L’intérêt de l’arrêt tient à l’articulation de deux exigences distinctes. L’article R. 6222-21 du Code du travail prévoit, d’une part, que la rupture anticipée « fait l’objet d’un document écrit » et, d’autre part, qu’elle « est notifiée » au directeur du CFA ainsi qu’à l’organisme chargé du dépôt du contrat. En revanche, pour l’apprenti, le texte ne précise en pas le mode de transmission de l’écrit. Mais l’article L. 6222-18 enferme la faculté de rupture unilatérale dans les quarante-cinq premiers jours de formation pratique en entreprise. Celui qui se prévaut de cette rupture doit donc pouvoir établir que sa décision écrite a été portée à la connaissance de l’apprenti avant l’expiration du délai. L’enjeu devient alors probatoire : la transmission doit permettre de donner date certaine à la communication de la rupture.

Une salariée est engagée en qualité d’apprentie du 4 septembre 2023 au 31 août 2024 afin de préparer une licence en gestion des ressources humaines. Le 5 décembre 2023, l’employeur l’informe oralement de son intention de rompre le contrat. Le délai de quarante-cinq jours de formation pratique expirait, selon les parties et la cour, le 11 décembre 2023.

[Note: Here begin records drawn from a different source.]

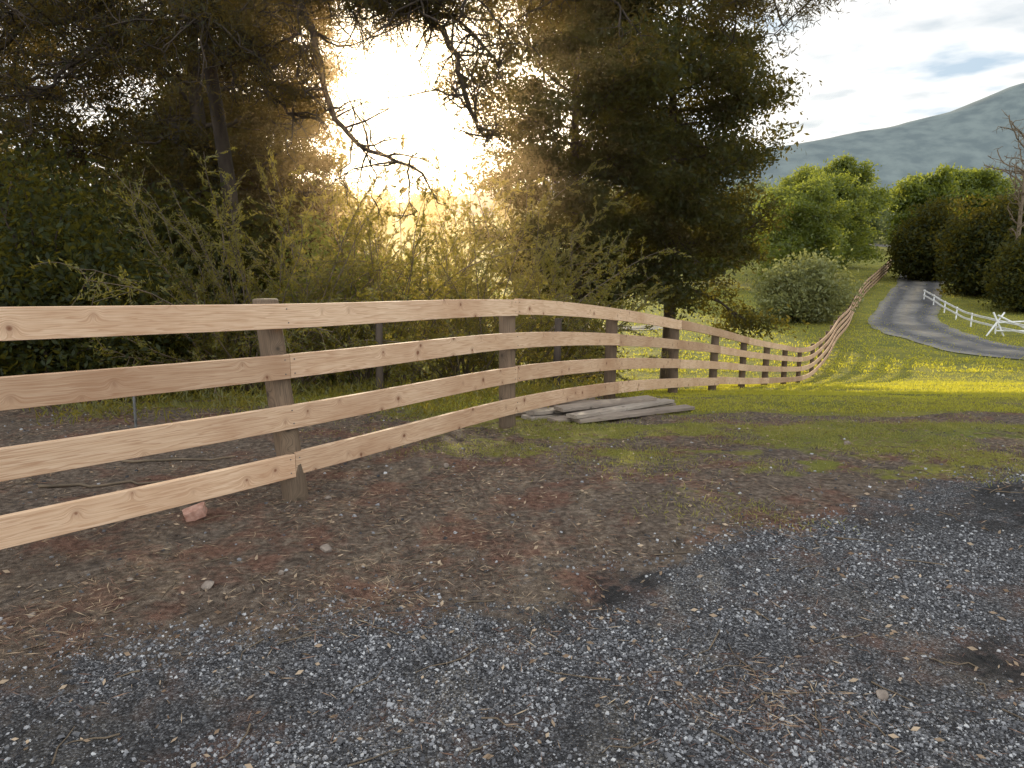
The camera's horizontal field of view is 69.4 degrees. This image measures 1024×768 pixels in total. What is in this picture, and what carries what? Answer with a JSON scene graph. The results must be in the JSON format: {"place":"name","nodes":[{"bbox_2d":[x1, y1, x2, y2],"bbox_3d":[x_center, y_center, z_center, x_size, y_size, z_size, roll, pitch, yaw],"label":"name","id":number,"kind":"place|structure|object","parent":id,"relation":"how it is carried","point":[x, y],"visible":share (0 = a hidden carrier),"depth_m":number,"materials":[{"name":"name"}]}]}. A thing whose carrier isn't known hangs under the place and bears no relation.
{"place":"outdoors","nodes":[
{"label":"outdoors","id":0,"kind":"place"},
{"bbox_2d":[0,116,364,275],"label":"forest backdrop","id":1,"kind":"structure","parent":0,"point":[102,172],"depth_m":28.12,"materials":[{"name":"green plant"}]},
{"bbox_2d":[0,215,1023,767],"bbox_3d":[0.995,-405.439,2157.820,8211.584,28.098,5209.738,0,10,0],"label":"ground","id":2,"kind":"structure","parent":0,"point":[166,609],"depth_m":3.67,"materials":[{"name":"soil"}]},
{"bbox_2d":[0,21,131,373],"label":"pine tree","id":3,"kind":"object","parent":2,"relation":"on","point":[51,104],"visible":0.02,"depth_m":18.59,"materials":[{"name":"green plant"}]},
{"bbox_2d":[0,0,174,241],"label":"pine tree","id":4,"kind":"object","parent":2,"relation":"on","point":[77,142],"visible":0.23,"depth_m":15.61,"materials":[{"name":"green plant"}]},
{"bbox_2d":[0,123,193,376],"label":"thicket shrub","id":5,"kind":"object","parent":2,"relation":"on","point":[52,162],"visible":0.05,"depth_m":11.99,"materials":[{"name":"green plant"}]},
{"bbox_2d":[0,147,230,405],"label":"thicket shrub","id":6,"kind":"object","parent":2,"relation":"on","point":[62,285],"visible":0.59,"depth_m":8.85,"materials":[{"name":"green plant"}]},
{"bbox_2d":[132,396,137,427],"bbox_3d":[-3.340,0.293,6.561,0.042,0.821,0.024,0,10,0],"label":"steel picket","id":7,"kind":"object","parent":2,"relation":"on","point":[134,411],"visible":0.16,"depth_m":6.54,"materials":[{"name":"grey metal"}]},
{"bbox_2d":[12,0,342,287],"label":"pine tree","id":8,"kind":"object","parent":2,"relation":"on","point":[195,138],"visible":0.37,"depth_m":15.31,"materials":[{"name":"green plant"}]},
{"bbox_2d":[182,502,207,521],"bbox_3d":[-1.896,0.770,4.434,0.137,0.068,0.082,-21,27,-24],"label":"broken brick","id":9,"kind":"object","parent":2,"relation":"on","point":[195,512],"visible":1,"depth_m":4.41,"materials":[{"name":"brick"}]},
{"bbox_2d":[100,174,299,391],"bbox_3d":[-5.398,-1.615,12.864,3.876,3.906,4.037,-8,13,-39],"label":"thicket shrub","id":10,"kind":"object","parent":2,"relation":"on","point":[163,235],"visible":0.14,"depth_m":12.52,"materials":[{"name":"green plant"}]},
{"bbox_2d":[59,64,342,242],"bbox_3d":[-9.892,-4.861,23.148,9.405,10.295,8.832,-4,11,-18],"label":"blackwood tree","id":11,"kind":"object","parent":2,"relation":"on","point":[142,158],"visible":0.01,"depth_m":21.09,"materials":[{"name":"green plant"}]},
{"bbox_2d":[201,580,213,589],"bbox_3d":[-1.451,0.961,3.525,0.050,0.043,0.055,2,11,11],"label":"field stone","id":12,"kind":"object","parent":2,"relation":"on","point":[207,584],"visible":1,"depth_m":3.51,"materials":[{"name":"beige stone"}]},
{"bbox_2d":[30,145,473,417],"bbox_3d":[-3.479,-1.585,10.348,6.207,3.693,6.866,0,10,0],"label":"tea tree shrub","id":13,"kind":"object","parent":2,"relation":"on","point":[223,342],"visible":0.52,"depth_m":10.29,"materials":[{"name":"green plant"}]},
{"bbox_2d":[178,0,383,380],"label":"pine tree","id":14,"kind":"object","parent":2,"relation":"on","point":[326,161],"visible":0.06,"depth_m":18.61,"materials":[{"name":"green plant"}]},
{"bbox_2d":[320,544,332,552],"bbox_3d":[-0.999,0.887,3.976,0.055,0.059,0.086,-7,13,-34],"label":"field stone","id":15,"kind":"object","parent":2,"relation":"on","point":[326,548],"visible":0.91,"depth_m":3.95,"materials":[{"name":"beige stone"}]},
{"bbox_2d":[22,371,652,425],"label":"weeds","id":16,"kind":"object","parent":2,"relation":"on","point":[340,390],"visible":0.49,"depth_m":8.56,"materials":[{"name":"green plant"}]},
{"bbox_2d":[237,201,442,388],"bbox_3d":[-3.437,-1.556,13.908,4.172,3.764,4.418,-9,14,-42],"label":"thicket shrub","id":17,"kind":"object","parent":2,"relation":"on","point":[319,233],"visible":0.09,"depth_m":13.90,"materials":[{"name":"green plant"}]},
{"bbox_2d":[102,124,610,377],"bbox_3d":[-4.143,-2.939,18.213,9.616,6.118,10.576,-10,14,-43],"label":"wattle shrub","id":18,"kind":"object","parent":2,"relation":"on","point":[388,213],"visible":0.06,"depth_m":16.84,"materials":[{"name":"green plant"}]},
{"bbox_2d":[174,158,561,391],"bbox_3d":[-2.332,-1.687,11.951,5.521,3.745,7.199,8,13,36],"label":"tea tree shrub","id":19,"kind":"object","parent":2,"relation":"on","point":[412,260],"visible":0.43,"depth_m":11.37,"materials":[{"name":"green plant"}]},
{"bbox_2d":[375,323,383,389],"bbox_3d":[-1.742,-0.196,9.724,0.112,1.202,0.100,0,10,0],"label":"old post","id":20,"kind":"object","parent":2,"relation":"on","point":[379,340],"visible":0.6,"depth_m":9.64,"materials":[{"name":"grey wood"}]},
{"bbox_2d":[334,249,505,362],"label":"shrub line","id":21,"kind":"object","parent":2,"relation":"on","point":[495,292],"visible":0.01,"depth_m":32.25,"materials":[{"name":"green plant"}]},
{"bbox_2d":[0,0,856,386],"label":"pine tree","id":22,"kind":"object","parent":2,"relation":"on","point":[168,24],"visible":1,"depth_m":10.27,"materials":[{"name":"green plant"}]},
{"bbox_2d":[0,259,890,549],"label":"timber fence","id":23,"kind":"object","parent":2,"relation":"on","point":[274,367],"visible":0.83,"depth_m":4.63,"materials":[{"name":"brown wood"}]},
{"bbox_2d":[250,118,674,382],"bbox_3d":[-1.762,-3.334,19.299,10.162,6.672,9.090,-5,12,-27],"label":"wattle shrub","id":24,"kind":"object","parent":2,"relation":"on","point":[462,217],"visible":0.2,"depth_m":17.63,"materials":[{"name":"green plant"}]},
{"bbox_2d":[262,169,690,391],"bbox_3d":[-1.091,-1.641,13.403,6.187,4.336,7.140,-8,13,-37],"label":"tea tree shrub","id":25,"kind":"object","parent":2,"relation":"on","point":[469,323],"visible":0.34,"depth_m":12.76,"materials":[{"name":"green plant"}]},
{"bbox_2d":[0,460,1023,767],"bbox_3d":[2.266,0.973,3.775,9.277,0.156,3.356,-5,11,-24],"label":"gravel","id":26,"kind":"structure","parent":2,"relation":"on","point":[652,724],"depth_m":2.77,"materials":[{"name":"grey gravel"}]},
{"bbox_2d":[0,400,1023,767],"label":"pine needle litter","id":27,"kind":"object","parent":2,"relation":"on","point":[368,572],"visible":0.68,"depth_m":3.95,"materials":[{"name":"brown plant"}]},
{"bbox_2d":[0,403,1023,767],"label":"fallen sticks","id":28,"kind":"object","parent":2,"relation":"on","point":[478,601],"visible":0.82,"depth_m":3.46,"materials":[{"name":"brown wood"}]},
{"bbox_2d":[0,400,1023,767],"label":"gravel stones","id":29,"kind":"object","parent":2,"relation":"on","point":[488,756],"visible":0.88,"depth_m":3.37,"materials":[{"name":"grey gravel stone"}]},
{"bbox_2d":[377,196,687,393],"bbox_3d":[0.203,-1.585,14.719,5.656,4.130,6.661,5,11,23],"label":"tea tree shrub","id":30,"kind":"object","parent":2,"relation":"on","point":[572,350],"visible":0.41,"depth_m":14.54,"materials":[{"name":"green plant"}]},
{"bbox_2d":[50,172,1022,250],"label":"distant trees","id":31,"kind":"object","parent":2,"relation":"on","point":[880,224],"visible":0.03,"depth_m":179.65,"materials":[{"name":"plant"}]},
{"bbox_2d":[553,318,561,388],"bbox_3d":[0.628,-0.264,10.322,0.121,1.302,0.110,0,10,0],"label":"old post","id":32,"kind":"object","parent":2,"relation":"on","point":[557,349],"visible":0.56,"depth_m":10.24,"materials":[{"name":"grey wood"}]},
{"bbox_2d":[420,0,698,383],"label":"blackwood tree","id":33,"kind":"object","parent":2,"relation":"on","point":[598,90],"visible":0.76,"depth_m":18.42,"materials":[{"name":"green plant"}]},
{"bbox_2d":[522,291,630,380],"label":"thicket shrub","id":34,"kind":"object","parent":2,"relation":"on","point":[588,328],"visible":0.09,"depth_m":24.53,"materials":[{"name":"green plant"}]},
{"bbox_2d":[516,395,694,423],"bbox_3d":[0.836,0.240,8.394,2.110,0.292,1.518,-7,13,-35],"label":"plank pile","id":35,"kind":"object","parent":2,"relation":"on","point":[585,410],"visible":0.88,"depth_m":7.86,"materials":[{"name":"grey wood"}]},
{"bbox_2d":[221,263,1023,413],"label":"grass","id":36,"kind":"structure","parent":2,"relation":"on","point":[945,391],"depth_m":17.67,"materials":[{"name":"green plant"}]},
{"bbox_2d":[223,396,1023,534],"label":"worn grass","id":37,"kind":"structure","parent":2,"relation":"on","point":[972,425],"depth_m":6.83,"materials":[{"name":"green plant"}]},
{"bbox_2d":[502,0,889,378],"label":"blackwood tree","id":38,"kind":"object","parent":2,"relation":"on","point":[713,156],"visible":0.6,"depth_m":19.82,"materials":[{"name":"green plant"}]},
{"bbox_2d":[674,217,750,283],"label":"orchard tree","id":39,"kind":"object","parent":2,"relation":"on","point":[713,259],"visible":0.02,"depth_m":69.38,"materials":[{"name":"green plant"}]},
{"bbox_2d":[746,165,862,281],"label":"wattle tree","id":40,"kind":"object","parent":2,"relation":"on","point":[814,217],"visible":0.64,"depth_m":62.31,"materials":[{"name":"green plant"}]},
{"bbox_2d":[739,247,871,323],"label":"saltbush shrub","id":41,"kind":"object","parent":2,"relation":"on","point":[810,291],"visible":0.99,"depth_m":46.42,"materials":[{"name":"green plant"}]},
{"bbox_2d":[752,164,882,274],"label":"wattle tree","id":42,"kind":"object","parent":2,"relation":"on","point":[856,193],"visible":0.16,"depth_m":73.26,"materials":[{"name":"green plant"}]},
{"bbox_2d":[788,151,900,264],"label":"wattle tree","id":43,"kind":"object","parent":2,"relation":"on","point":[878,197],"visible":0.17,"depth_m":87.08,"materials":[{"name":"green plant"}]},
{"bbox_2d":[876,689,888,700],"bbox_3d":[1.351,1.135,2.694,0.050,0.039,0.043,-2,11,-9],"label":"field stone","id":44,"kind":"object","parent":2,"relation":"on","point":[882,695],"visible":0.95,"depth_m":2.68,"materials":[{"name":"beige stone"}]},
{"bbox_2d":[880,191,965,281],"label":"roadside shrub","id":45,"kind":"object","parent":2,"relation":"on","point":[911,257],"visible":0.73,"depth_m":73.19,"materials":[{"name":"green plant"}]},
{"bbox_2d":[878,163,967,244],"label":"gum tree","id":46,"kind":"object","parent":2,"relation":"on","point":[911,190],"visible":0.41,"depth_m":115.79,"materials":[{"name":"green plant"}]},
{"bbox_2d":[923,290,1023,333],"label":"white rail fence","id":47,"kind":"object","parent":2,"relation":"on","point":[957,309],"visible":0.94,"depth_m":45.13,"materials":[{"name":"paint"}]},
{"bbox_2d":[925,190,1023,298],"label":"roadside shrub","id":48,"kind":"object","parent":2,"relation":"on","point":[969,248],"visible":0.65,"depth_m":60.83,"materials":[{"name":"green plant"}]},
{"bbox_2d":[948,165,1021,221],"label":"gum tree","id":49,"kind":"object","parent":2,"relation":"on","point":[982,183],"visible":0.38,"depth_m":121.21,"materials":[{"name":"green plant"}]},
{"bbox_2d":[949,187,1023,279],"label":"roadside shrub","id":50,"kind":"object","parent":2,"relation":"on","point":[1011,201],"visible":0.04,"depth_m":62.00,"materials":[{"name":"green plant"}]},
{"bbox_2d":[968,225,1023,313],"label":"roadside shrub","id":51,"kind":"object","parent":2,"relation":"on","point":[1007,287],"visible":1,"depth_m":52.65,"materials":[{"name":"green plant"}]},
{"bbox_2d":[983,109,1023,304],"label":"bare tree","id":52,"kind":"object","parent":2,"relation":"on","point":[1020,204],"visible":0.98,"depth_m":55.17,"materials":[{"name":"plant"}]},
{"bbox_2d":[986,312,1023,335],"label":"cross brace gate","id":53,"kind":"structure","parent":2,"relation":"on","point":[999,326],"depth_m":40.17,"materials":[{"name":"white paint"}]},
{"bbox_2d":[997,137,1023,198],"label":"bare tree","id":54,"kind":"object","parent":2,"relation":"on","point":[1015,172],"visible":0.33,"depth_m":64.26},
{"bbox_2d":[0,0,1023,202],"label":"sky","id":55,"kind":"structure","parent":0,"point":[883,63],"materials":[{"name":"white"}]},
{"bbox_2d":[490,325,662,331],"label":"dirt track","id":56,"kind":"structure","parent":0,"point":[643,327],"depth_m":44.24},
{"bbox_2d":[369,83,1023,214],"bbox_3d":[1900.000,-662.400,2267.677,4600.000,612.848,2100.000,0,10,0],"label":"mountain","id":57,"kind":"structure","parent":0,"point":[967,136],"depth_m":1770.24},
{"bbox_2d":[867,243,1023,359],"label":"gravel road","id":58,"kind":"structure","parent":0,"point":[905,320],"depth_m":46.19,"materials":[{"name":"grey gravel"}]}
]}

L’employeur soutient avoir adressé à l’apprentie une lettre simple datée du 11 décembre 2023 et avoir, auparavant, informé l’organisme de formation de la rupture. L’apprentie conteste avoir reçu ce courrier et fait valoir que la rupture ne lui a été formellement notifiée que par une lettre recommandée du 16 janvier 2024. Le conseil de prud’hommes juge néanmoins la rupture régulière. L’apprentie interjette appel.

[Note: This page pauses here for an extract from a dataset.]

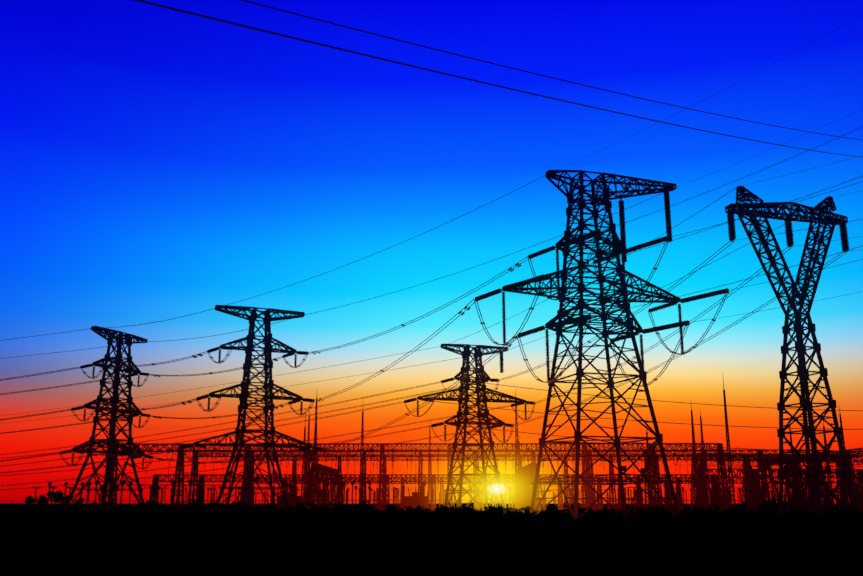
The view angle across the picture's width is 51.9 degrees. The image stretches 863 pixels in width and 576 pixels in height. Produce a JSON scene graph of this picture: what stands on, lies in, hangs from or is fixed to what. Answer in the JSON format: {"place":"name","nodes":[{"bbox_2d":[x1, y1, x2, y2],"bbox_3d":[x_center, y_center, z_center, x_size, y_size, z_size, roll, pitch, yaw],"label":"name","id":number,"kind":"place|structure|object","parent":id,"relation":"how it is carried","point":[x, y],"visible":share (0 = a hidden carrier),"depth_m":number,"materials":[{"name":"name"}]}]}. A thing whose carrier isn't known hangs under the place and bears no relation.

La question posée aux juges berruyers était la suivante : lorsque l’employeur rompt un contrat d’apprentissage pendant les quarante-cinq premiers jours de formation pratique en entreprise, la seule production d’un écrit daté avant l’expiration du délai suffit-elle, ou doit-il établir, par un mode de transmission donnant date certaine, que cet écrit a effectivement été porté à la connaissance de l’apprenti dans ce délai ?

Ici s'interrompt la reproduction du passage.